(S. Stammerjohn, PI)
Contour plot of PAL LTER monthly sea ice extent. Open water conditions (darkest blue) can occur as early as Nov and can last as late as May. The diagonal red lines highlight observed trends in sea ice advance (occurring later in recent years) and sea ice retreat (occurring earlier in recent years).
Satellite data complement surface observations and extend our ship-based and near-shore based observations both seasonally and regionally. In the context of this high latitude ecosystem we have made extensive use of satellite imagery to examine sea ice and ocean color. Passive microwave remote sensing of the Southern Ocean provides one of our most complete space/time records for the Palmer region because microwaves are neither limited by clouds nor winter polar darkness. Passive microwave data show the annual advance and retreat of sea ice, a dominant and distinguishing characteristic of this marine ecosystem. Freezing and melting of sea-ice affect the salinity, and hence density gradients, of the upper ocean. This, in turn, influences the vertical structure of phytoplankton distributions and abundance. In contrast to other areas in the Southern Ocean, the southern Bellingshausen Sea region (inclusive of the WAP region) sea-ice variability show (in spite of high interannual variability) both a decrease in concentration and duration consistent with the observed warming in this region.
Using SeaWiFS ocean
color data, we evaluate the spatial and temporal variability of
pigment biomass (estimated as chlorophyll-a concentrations).

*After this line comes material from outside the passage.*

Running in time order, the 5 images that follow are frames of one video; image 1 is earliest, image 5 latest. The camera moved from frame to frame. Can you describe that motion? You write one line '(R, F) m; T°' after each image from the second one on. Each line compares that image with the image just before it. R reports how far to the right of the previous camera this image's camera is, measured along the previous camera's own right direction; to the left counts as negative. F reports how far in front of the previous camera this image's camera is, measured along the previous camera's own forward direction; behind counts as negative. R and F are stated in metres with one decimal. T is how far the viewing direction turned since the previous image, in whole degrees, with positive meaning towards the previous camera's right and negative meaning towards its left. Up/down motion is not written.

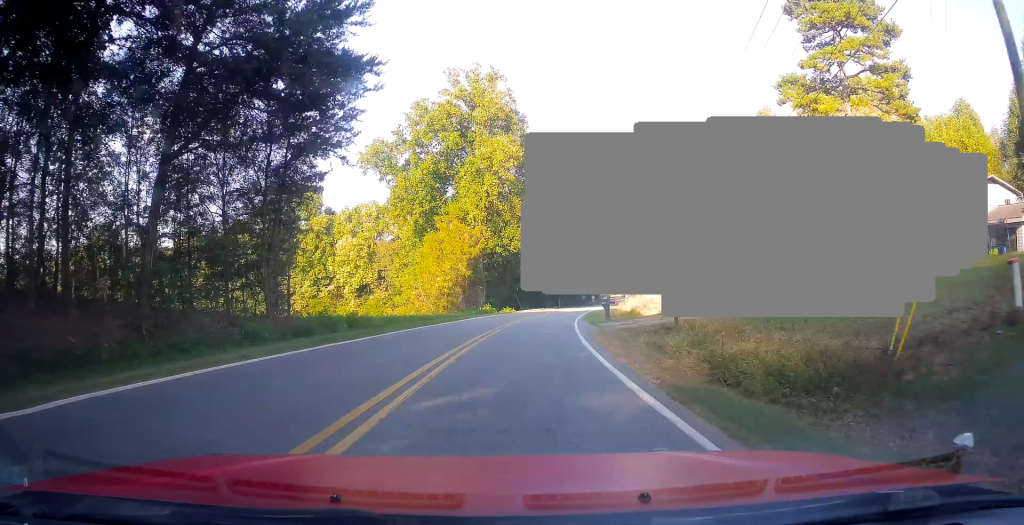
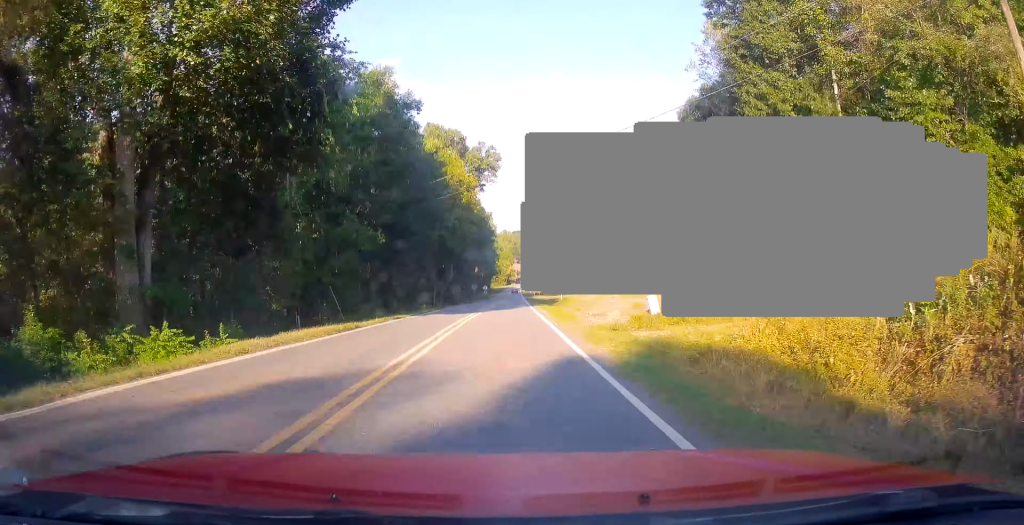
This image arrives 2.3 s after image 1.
(+5.2, +51.8) m; +10°
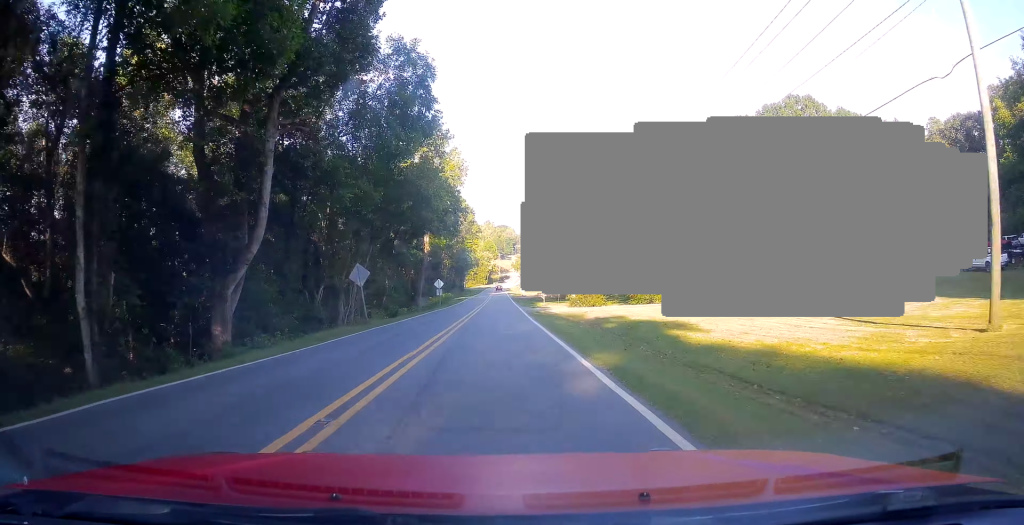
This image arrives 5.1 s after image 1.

Satellite ocean color data are limited by clouds and polar darkness.
Nevertheless, we have derived monthly mean chl-a concentrations from
SeaWiFS data (making use of our own Southern Ocean algorithm) for
those months when solar elevations permit these data to be obtained
(Sept through March). In particular, we have evaluated the
variability in chl-a in response to the spatial and temporal
variability of sea ice extent (estimated from passive microwave
satellite data) and wind forcing (estimated from NCEP reanalysis
data). While the ocean color data record is relatively short (7 years)
and contains high interannual variability, there are persistent
spatial patterns that indicate important regional scale mechanisms
influencing this marine ecosystem and that are consistent with several
hypotheses relating patterns of phytoplankton biomass distributions to
physical controls. Our observations show, for example, that the
southern Antarctic Circumpolar Current front (SACCF) zone may have a
more profound influence on the WAP area than previously thought.